» Provided data:
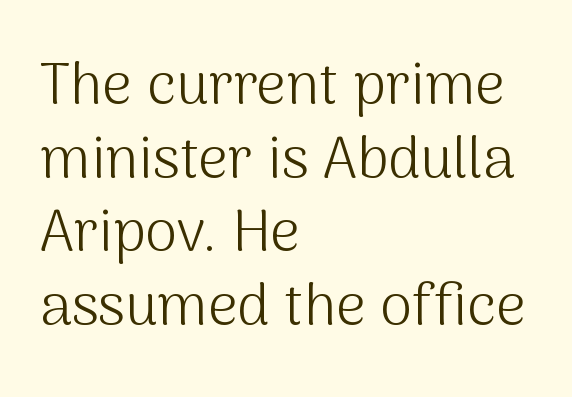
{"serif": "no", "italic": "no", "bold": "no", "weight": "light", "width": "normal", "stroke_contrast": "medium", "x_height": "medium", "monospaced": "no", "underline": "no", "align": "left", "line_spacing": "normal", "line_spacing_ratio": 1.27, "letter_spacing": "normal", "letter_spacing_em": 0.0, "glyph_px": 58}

...

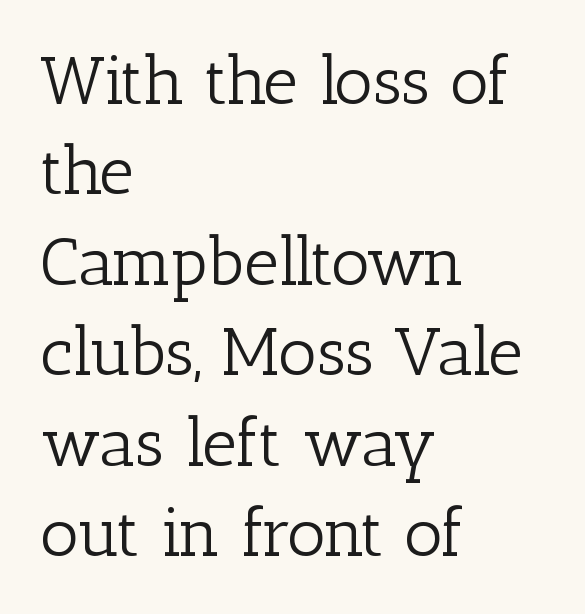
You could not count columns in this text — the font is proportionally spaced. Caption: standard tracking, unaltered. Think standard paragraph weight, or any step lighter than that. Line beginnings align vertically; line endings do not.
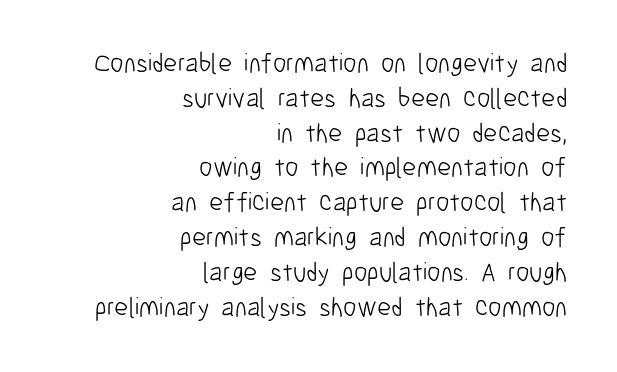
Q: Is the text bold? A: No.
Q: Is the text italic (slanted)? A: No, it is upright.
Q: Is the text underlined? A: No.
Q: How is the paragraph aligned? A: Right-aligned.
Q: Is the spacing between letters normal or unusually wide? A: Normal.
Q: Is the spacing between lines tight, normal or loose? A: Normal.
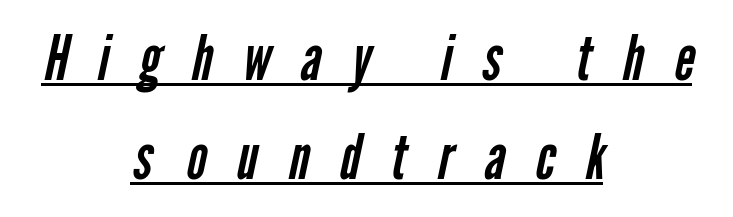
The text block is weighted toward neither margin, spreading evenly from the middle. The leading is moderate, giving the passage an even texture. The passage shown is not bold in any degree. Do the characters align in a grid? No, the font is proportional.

» What this task involves: Among the lines above, find each one containing the string "text" and copy it.

» Answer to this problem:
You could not count columns in this text — the font is proportionally spaced. Caption: standard tracking, unaltered. Think standard paragraph weight, or any step lighter than that. Line beginnings align vertically; line endings do not.
Q: Is the text bold? A: No.
Q: Is the text italic (slanted)? A: No, it is upright.
Q: Is the text underlined? A: No.
The text block is weighted toward neither margin, spreading evenly from the middle. The leading is moderate, giving the passage an even texture. The passage shown is not bold in any degree. Do the characters align in a grid? No, the font is proportional.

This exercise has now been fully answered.